Recently, the SEC addressed several aspects of small business investment in the JOBS Act, expanding the pool of potential investors to include those with a net worth of less than $1 million; raising the amount companies can offer in a private stock trade to $50 million and reducing the number of state and federal registration levels these offerings must endure..
Smaller businesses are still waiting for the final set of rulings the SEC must make on Title III of the JOBS Act, the most ambitious part of the law. It would create a new space in the business world for mom-and-pop investors and small businesses seeking capital through equity trading, without the expense of SEC registration that larger investments must leap through. While the nation waits on federal law to expand, several California bills might bring this grassroots-style exchange to pass here much sooner.
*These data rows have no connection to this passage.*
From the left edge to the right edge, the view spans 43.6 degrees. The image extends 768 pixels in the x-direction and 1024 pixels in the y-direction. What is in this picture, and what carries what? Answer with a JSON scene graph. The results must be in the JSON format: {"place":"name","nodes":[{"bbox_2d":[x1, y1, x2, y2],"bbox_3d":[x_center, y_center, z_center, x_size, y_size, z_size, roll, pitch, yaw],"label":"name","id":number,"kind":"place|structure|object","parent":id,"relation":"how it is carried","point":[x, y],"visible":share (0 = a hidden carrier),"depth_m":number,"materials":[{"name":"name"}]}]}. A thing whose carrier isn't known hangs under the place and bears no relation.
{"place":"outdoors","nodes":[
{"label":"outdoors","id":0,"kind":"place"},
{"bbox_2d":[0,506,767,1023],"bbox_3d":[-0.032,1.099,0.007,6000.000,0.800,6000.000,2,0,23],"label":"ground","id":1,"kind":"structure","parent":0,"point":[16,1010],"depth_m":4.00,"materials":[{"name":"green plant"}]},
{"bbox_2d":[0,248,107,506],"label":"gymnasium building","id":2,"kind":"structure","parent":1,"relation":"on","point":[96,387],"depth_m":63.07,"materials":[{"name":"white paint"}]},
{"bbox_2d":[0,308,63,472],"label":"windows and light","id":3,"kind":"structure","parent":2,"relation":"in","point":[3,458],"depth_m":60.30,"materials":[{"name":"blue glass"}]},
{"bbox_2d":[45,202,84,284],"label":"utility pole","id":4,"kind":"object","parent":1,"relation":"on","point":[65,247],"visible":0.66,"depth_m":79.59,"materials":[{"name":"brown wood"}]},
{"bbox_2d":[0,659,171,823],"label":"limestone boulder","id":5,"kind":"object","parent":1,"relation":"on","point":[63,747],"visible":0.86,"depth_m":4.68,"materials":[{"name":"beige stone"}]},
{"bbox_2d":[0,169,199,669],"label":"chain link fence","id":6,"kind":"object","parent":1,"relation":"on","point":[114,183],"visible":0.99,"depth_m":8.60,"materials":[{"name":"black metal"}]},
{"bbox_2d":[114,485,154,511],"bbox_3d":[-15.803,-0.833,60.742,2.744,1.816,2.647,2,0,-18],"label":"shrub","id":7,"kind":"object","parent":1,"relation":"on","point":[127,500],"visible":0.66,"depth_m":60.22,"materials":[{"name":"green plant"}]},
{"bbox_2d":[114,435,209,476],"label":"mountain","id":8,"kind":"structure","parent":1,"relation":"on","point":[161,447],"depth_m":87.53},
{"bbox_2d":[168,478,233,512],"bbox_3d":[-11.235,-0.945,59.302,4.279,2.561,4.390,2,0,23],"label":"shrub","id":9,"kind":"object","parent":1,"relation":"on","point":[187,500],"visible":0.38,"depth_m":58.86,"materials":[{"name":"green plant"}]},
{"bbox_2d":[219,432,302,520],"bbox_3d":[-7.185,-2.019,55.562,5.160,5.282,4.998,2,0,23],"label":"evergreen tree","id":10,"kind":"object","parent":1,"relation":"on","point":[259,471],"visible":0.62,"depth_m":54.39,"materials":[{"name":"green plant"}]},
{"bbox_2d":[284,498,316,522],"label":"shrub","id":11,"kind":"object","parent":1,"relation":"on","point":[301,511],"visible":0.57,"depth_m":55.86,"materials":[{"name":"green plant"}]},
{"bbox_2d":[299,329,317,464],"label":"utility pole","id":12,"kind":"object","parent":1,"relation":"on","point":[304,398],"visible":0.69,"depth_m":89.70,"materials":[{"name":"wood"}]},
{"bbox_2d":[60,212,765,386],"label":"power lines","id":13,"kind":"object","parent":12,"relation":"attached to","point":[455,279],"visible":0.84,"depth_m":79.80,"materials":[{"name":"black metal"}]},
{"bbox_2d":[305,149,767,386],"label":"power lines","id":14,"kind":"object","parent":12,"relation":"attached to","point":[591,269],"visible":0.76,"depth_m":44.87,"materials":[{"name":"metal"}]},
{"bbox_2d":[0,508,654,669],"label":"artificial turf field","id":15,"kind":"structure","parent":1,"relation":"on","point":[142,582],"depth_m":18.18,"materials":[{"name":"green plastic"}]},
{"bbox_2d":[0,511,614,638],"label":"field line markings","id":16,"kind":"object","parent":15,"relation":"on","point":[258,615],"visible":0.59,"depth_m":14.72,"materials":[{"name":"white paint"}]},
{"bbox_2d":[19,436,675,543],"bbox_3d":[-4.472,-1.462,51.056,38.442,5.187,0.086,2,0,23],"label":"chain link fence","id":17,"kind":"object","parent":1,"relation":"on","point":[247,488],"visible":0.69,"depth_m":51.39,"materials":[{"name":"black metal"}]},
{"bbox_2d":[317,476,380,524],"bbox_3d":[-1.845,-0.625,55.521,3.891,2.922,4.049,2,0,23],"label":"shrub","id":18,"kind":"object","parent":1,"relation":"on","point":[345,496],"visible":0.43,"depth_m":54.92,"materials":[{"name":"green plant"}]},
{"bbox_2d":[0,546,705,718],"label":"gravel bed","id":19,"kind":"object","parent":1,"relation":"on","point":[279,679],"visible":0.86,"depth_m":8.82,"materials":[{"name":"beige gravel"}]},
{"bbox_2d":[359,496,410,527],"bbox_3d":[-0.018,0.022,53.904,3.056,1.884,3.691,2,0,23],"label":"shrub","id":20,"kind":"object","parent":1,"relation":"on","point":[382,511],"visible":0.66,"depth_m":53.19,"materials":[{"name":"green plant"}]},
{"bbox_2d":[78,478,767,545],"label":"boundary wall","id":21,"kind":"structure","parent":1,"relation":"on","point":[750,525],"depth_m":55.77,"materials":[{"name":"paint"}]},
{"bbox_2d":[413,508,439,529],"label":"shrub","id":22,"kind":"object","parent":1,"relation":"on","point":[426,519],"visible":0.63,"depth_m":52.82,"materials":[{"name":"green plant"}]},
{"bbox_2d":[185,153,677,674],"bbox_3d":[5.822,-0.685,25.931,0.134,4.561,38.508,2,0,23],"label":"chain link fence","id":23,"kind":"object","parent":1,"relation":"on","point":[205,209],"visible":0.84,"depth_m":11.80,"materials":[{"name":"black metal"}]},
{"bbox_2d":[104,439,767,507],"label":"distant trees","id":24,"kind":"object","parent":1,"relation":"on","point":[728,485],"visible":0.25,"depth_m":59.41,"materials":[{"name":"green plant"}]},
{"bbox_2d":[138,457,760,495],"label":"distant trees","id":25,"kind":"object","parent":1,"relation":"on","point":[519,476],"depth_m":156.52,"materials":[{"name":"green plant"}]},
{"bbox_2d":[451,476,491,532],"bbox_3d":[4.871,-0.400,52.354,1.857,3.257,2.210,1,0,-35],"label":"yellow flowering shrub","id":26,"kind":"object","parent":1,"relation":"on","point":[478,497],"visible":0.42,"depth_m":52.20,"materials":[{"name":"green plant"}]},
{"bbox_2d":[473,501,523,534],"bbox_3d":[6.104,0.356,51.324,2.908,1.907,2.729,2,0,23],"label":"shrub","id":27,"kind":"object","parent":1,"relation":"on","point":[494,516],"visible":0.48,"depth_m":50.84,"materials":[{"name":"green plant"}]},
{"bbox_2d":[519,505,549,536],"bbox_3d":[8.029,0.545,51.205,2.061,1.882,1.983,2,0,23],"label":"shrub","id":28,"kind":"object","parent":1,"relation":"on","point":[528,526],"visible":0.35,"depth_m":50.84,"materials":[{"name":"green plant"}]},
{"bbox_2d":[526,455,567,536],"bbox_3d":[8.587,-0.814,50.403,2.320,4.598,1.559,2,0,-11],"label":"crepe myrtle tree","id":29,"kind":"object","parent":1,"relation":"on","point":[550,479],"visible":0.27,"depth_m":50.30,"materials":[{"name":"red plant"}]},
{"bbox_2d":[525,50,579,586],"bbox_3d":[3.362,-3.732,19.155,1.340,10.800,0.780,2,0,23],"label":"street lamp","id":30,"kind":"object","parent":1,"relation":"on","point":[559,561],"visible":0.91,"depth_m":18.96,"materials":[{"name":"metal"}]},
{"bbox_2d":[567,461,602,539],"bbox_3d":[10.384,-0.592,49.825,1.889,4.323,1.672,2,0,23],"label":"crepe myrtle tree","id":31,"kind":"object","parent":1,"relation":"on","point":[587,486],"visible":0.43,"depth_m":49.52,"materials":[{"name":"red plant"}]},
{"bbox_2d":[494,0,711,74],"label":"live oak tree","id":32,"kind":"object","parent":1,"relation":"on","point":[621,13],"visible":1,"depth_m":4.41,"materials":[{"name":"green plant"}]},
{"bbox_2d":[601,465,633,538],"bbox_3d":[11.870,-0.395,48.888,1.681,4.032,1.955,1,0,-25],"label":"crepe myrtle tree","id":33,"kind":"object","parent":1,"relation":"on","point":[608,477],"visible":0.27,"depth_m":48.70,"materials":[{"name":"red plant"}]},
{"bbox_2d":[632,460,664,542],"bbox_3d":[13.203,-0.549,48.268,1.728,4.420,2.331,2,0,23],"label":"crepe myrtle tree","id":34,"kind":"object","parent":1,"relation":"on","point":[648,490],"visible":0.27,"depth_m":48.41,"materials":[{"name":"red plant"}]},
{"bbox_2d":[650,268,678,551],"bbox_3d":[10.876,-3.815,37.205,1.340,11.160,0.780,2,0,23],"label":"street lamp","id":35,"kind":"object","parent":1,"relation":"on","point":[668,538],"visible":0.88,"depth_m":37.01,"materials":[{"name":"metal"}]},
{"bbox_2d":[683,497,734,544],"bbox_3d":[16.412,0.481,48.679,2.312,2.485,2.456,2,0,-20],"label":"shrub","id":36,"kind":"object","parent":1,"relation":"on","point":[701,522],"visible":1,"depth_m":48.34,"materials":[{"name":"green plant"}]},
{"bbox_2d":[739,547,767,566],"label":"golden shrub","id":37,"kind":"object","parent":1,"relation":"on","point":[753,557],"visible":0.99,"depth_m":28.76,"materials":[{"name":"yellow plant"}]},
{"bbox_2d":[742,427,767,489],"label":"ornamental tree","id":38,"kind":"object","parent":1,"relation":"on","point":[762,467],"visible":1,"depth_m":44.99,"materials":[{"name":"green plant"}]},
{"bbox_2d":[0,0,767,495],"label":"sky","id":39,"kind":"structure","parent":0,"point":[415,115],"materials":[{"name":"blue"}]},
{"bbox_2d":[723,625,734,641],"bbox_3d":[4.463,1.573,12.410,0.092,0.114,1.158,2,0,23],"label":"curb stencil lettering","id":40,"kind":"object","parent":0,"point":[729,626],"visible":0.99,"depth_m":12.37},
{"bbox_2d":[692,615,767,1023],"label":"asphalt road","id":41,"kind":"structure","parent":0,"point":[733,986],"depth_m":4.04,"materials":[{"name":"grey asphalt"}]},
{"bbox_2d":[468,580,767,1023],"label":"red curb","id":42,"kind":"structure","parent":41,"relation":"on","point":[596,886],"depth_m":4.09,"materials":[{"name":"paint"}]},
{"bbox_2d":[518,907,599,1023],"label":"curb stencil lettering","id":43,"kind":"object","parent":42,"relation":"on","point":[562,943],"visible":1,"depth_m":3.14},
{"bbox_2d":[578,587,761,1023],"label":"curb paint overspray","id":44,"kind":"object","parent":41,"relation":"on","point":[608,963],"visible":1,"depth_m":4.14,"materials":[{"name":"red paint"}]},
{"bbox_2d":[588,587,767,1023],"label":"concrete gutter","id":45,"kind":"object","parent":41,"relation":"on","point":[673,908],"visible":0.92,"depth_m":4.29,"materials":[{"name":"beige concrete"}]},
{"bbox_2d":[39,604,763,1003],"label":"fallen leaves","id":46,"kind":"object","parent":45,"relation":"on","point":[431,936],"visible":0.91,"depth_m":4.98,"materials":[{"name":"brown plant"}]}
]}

Proposed by Assemblyman Henry Perea, Assembly Bill 722 would enable small California businesses to raise up to $1 million annually through the sale of stock to everyday investors, who can contribute up to $5,000, or 10 percent of that investor’s net worth, whichever is lower. These ventures would also now be able to publicly solicit potential investors within the state via email, traditional advertising or other online avenues, such as social media. Currently, only those with prior relationships to the venture could be solicited for stock sales not made on a formal exchange platform, like the New York Stock Exchange. Companies would not have to funnel through for-profit portals like Kickstarter (which take a percent of monies raised on their site), instead ponying up a mere 0.4 percent of the issuance to cover review costs..
The Local Economies Securities Act, Senate Bill 577, proposed by state Sen. Ben Hueso, focuses on agricultural and renewable energy enterprises seeking equity crowdfunding opportunities. This framework would allow up to $100 per investor for an offering of up to $100,000, or $1,000 per investor for stock sales up to $500,000.
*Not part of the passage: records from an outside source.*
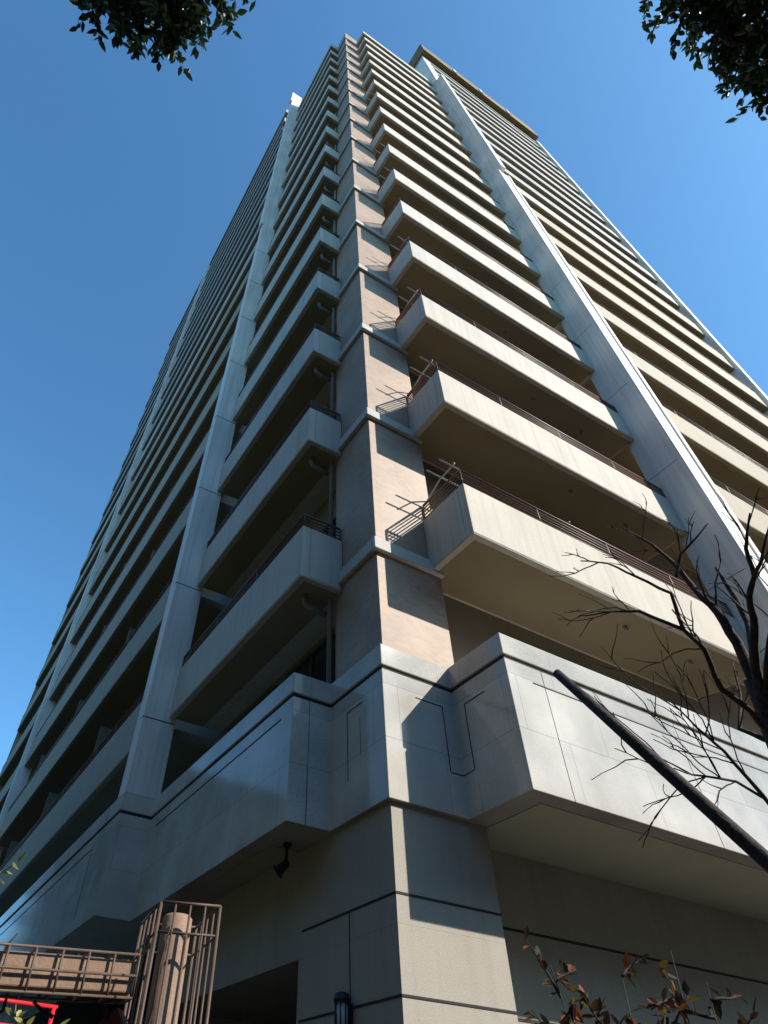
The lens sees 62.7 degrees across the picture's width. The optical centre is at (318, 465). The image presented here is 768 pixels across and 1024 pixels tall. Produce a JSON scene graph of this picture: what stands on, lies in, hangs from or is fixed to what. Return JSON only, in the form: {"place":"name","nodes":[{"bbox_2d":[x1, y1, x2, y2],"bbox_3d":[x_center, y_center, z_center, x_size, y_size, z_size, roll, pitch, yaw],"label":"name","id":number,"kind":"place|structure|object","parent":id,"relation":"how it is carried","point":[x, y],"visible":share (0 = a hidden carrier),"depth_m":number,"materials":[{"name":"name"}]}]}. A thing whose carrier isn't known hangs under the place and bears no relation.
{"place":"outdoors","nodes":[
{"label":"outdoors","id":0,"kind":"place"},
{"bbox_2d":[0,31,767,1023],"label":"apartment tower","id":1,"kind":"structure","parent":0,"point":[450,369],"depth_m":10.69,"materials":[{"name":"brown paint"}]},
{"bbox_2d":[228,686,277,731],"bbox_3d":[-1.186,5.081,9.834,0.058,2.650,1.800,25,-53,-19],"label":"window","id":2,"kind":"structure","parent":1,"relation":"in","point":[274,687],"depth_m":10.75,"materials":[{"name":"black glass"}]},
{"bbox_2d":[273,842,291,878],"bbox_3d":[-0.395,4.253,6.729,0.188,0.325,0.146,-22,-53,20],"label":"floodlight","id":3,"kind":"object","parent":1,"relation":"attached to","point":[281,868],"visible":1,"depth_m":6.66,"materials":[{"name":"metal"}]},
{"bbox_2d":[284,630,335,682],"bbox_3d":[-0.122,3.757,8.642,0.058,2.650,1.750,25,-53,-19],"label":"window","id":4,"kind":"structure","parent":1,"relation":"in","point":[313,665],"depth_m":9.37,"materials":[{"name":"black glass"}]},
{"bbox_2d":[321,516,335,538],"bbox_3d":[-0.059,1.995,10.654,0.058,2.000,1.750,25,-53,-19],"label":"window","id":5,"kind":"structure","parent":1,"relation":"in","point":[334,519],"depth_m":11.01,"materials":[{"name":"black glass"}]},
{"bbox_2d":[334,991,352,1023],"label":"wall lamp","id":6,"kind":"object","parent":1,"relation":"attached to","point":[343,1010],"visible":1,"depth_m":5.29,"materials":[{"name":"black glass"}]},
{"bbox_2d":[0,0,767,772],"label":"sky","id":7,"kind":"structure","parent":0,"point":[122,179],"materials":[{"name":"blue"}]},
{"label":"pavement","id":8,"kind":"structure","parent":0,"visible":0},
{"bbox_2d":[0,851,25,883],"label":"tall leafy shrub","id":9,"kind":"object","parent":8,"relation":"on","point":[20,857],"visible":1,"depth_m":3.89,"materials":[{"name":"green plant"}]},
{"bbox_2d":[0,998,57,1023],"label":"red railing","id":10,"kind":"object","parent":8,"relation":"on","point":[53,1008],"visible":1,"depth_m":3.85,"materials":[{"name":"metal"}]},
{"bbox_2d":[0,1005,69,1023],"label":"yellow green shrub","id":11,"kind":"object","parent":8,"relation":"on","point":[19,1014],"visible":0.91,"depth_m":4.19,"materials":[{"name":"green plant"}]},
{"bbox_2d":[0,900,221,1023],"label":"pergola","id":12,"kind":"object","parent":8,"relation":"on","point":[48,975],"visible":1,"depth_m":3.31,"materials":[{"name":"metal"}]},
{"bbox_2d":[0,929,169,1023],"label":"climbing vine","id":13,"kind":"object","parent":12,"relation":"attached to","point":[43,1010],"visible":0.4,"depth_m":3.25,"materials":[{"name":"green plant"}]},
{"bbox_2d":[69,0,256,81],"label":"evergreen tree","id":14,"kind":"object","parent":8,"relation":"on","point":[176,20],"visible":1,"depth_m":5.25,"materials":[{"name":"green plant"}]},
{"bbox_2d":[523,926,758,1023],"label":"autumn sapling","id":15,"kind":"object","parent":8,"relation":"on","point":[573,1012],"visible":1,"depth_m":2.22,"materials":[{"name":"brown plant"}]},
{"bbox_2d":[552,487,767,847],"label":"bare tree","id":16,"kind":"object","parent":8,"relation":"on","point":[756,683],"visible":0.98,"depth_m":3.13,"materials":[{"name":"brown plant"}]},
{"bbox_2d":[553,669,767,872],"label":"leaning pole","id":17,"kind":"object","parent":8,"relation":"on","point":[743,839],"visible":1,"depth_m":2.19,"materials":[{"name":"black metal"}]},
{"bbox_2d":[638,0,767,122],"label":"evergreen tree","id":18,"kind":"object","parent":8,"relation":"on","point":[739,39],"visible":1,"depth_m":4.76,"materials":[{"name":"green plant"}]}
]}

Member-owned consumer companies like co-ops may also see benefit, as the ceiling on investment from their members would grow from $300 to $1,000. Paul Cultrera, general manager for the Sacramento Natural Foods Co-op, notes that while raising the ceiling on buy-in from members is a good concept, the co-op doesn’t plan on changing policy soon.
“Three-hundred dollars doesn’t buy what it once did, but there is a cost barrier for many co-ops and their members,” Cultrera says. The co-op raised its membership costs by $100 seven years ago, after more than 20 years at $200 per member, and has recently developed a tiered preferred stock offering to facilitate the store’s upcoming move in midtown Sacramento.
Eric Ullrich, co-founder of Hacker Lab, a co-working nonprofit for startups, and a former selections committee member with venture capital group Sacramento Angels, sees all of this as small steps toward a more secure and dynamic small-business stock exchange, potentially impacting how small businesses and startups operate — and not necessarily the way the laws intend.
“I think for the small business, I’d want to sell product, not stock,” he says. “The other side of this is return on investment, the liquidity of these assets. In order for me to make money on my investment, the company has to grow very big and have some sort of second market offering eventually, where I can sell my shares for a profit. Otherwise, I’m just sitting on these shares with no idea if their value is increasing and no way to profit.”
Another consideration for this public model of fundraising is intellectual property and the need for tech start-ups especially to keep their business model and product details close to the vest. As a business, says Ullrich, “You’ve got your product, your employees to manage — you don’t want to have to answer to a thousand investors. There’s customer service and now there’s investor service, too.”